Source data below:

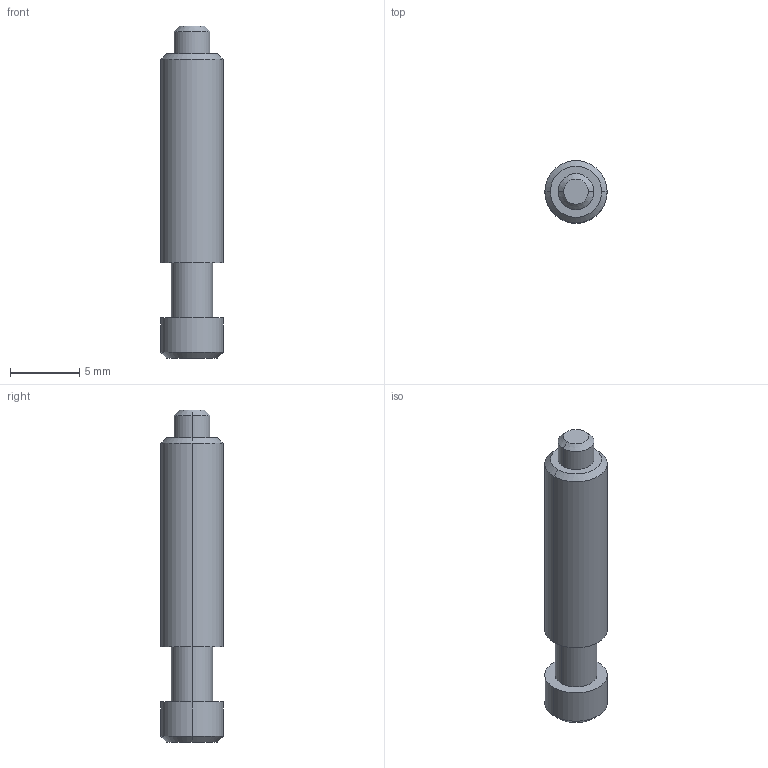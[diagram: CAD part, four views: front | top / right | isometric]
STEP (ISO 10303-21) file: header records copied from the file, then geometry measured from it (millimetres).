
FILE_DESCRIPTION (( 'STEP AP203' ), '1' );
FILE_NAME ('CODE-E.STP', '2017-08-16T13:56:49', ( '微软用户' ), ( '微软中国' ), 'SwSTEP 2.0', 'SolidWorks 2012', '' );
FILE_SCHEMA (( 'CONFIG_CONTROL_DESIGN' ));
Length unit declared in the file: millimetre
Products named in the file (1): CODE-E
Bounding box: 4.5 x 4.5 x 24 mm (x, y, z)
Volume: 322.4 mm3; surface area: 348.8 mm2
Topology: 1 solids, 1 shells, 19 faces, 36 edges, 22 vertices
Faces by surface type: cylinder 8, cone 6, plane 5
Entity records: 561 total; most frequent: DIRECTION 98, CARTESIAN_POINT 78, ORIENTED_EDGE 72, AXIS2_PLACEMENT_3D 42, EDGE_CURVE 36, CIRCLE 22, EDGE_LOOP 22, VERTEX_POINT 22

End of Source data.

Exercise requirements: Without the pictures, give every line above again exactly.

Exercise answer:
[diagram: CAD part, four views: front | top / right | isometric]
STEP (ISO 10303-21) file: header records copied from the file, then geometry measured from it (millimetres).
FILE_DESCRIPTION (( 'STEP AP203' ), '1' );
FILE_NAME ('CODE-E.STP', '2017-08-16T13:56:49', ( '微软用户' ), ( '微软中国' ), 'SwSTEP 2.0', 'SolidWorks 2012', '' );
FILE_SCHEMA (( 'CONFIG_CONTROL_DESIGN' ));
Length unit declared in the file: millimetre
Products named in the file (1): CODE-E
Bounding box: 4.5 x 4.5 x 24 mm (x, y, z)
Volume: 322.4 mm3; surface area: 348.8 mm2
Topology: 1 solids, 1 shells, 19 faces, 36 edges, 22 vertices
Faces by surface type: cylinder 8, cone 6, plane 5
Entity records: 561 total; most frequent: DIRECTION 98, CARTESIAN_POINT 78, ORIENTED_EDGE 72, AXIS2_PLACEMENT_3D 42, EDGE_CURVE 36, CIRCLE 22, EDGE_LOOP 22, VERTEX_POINT 22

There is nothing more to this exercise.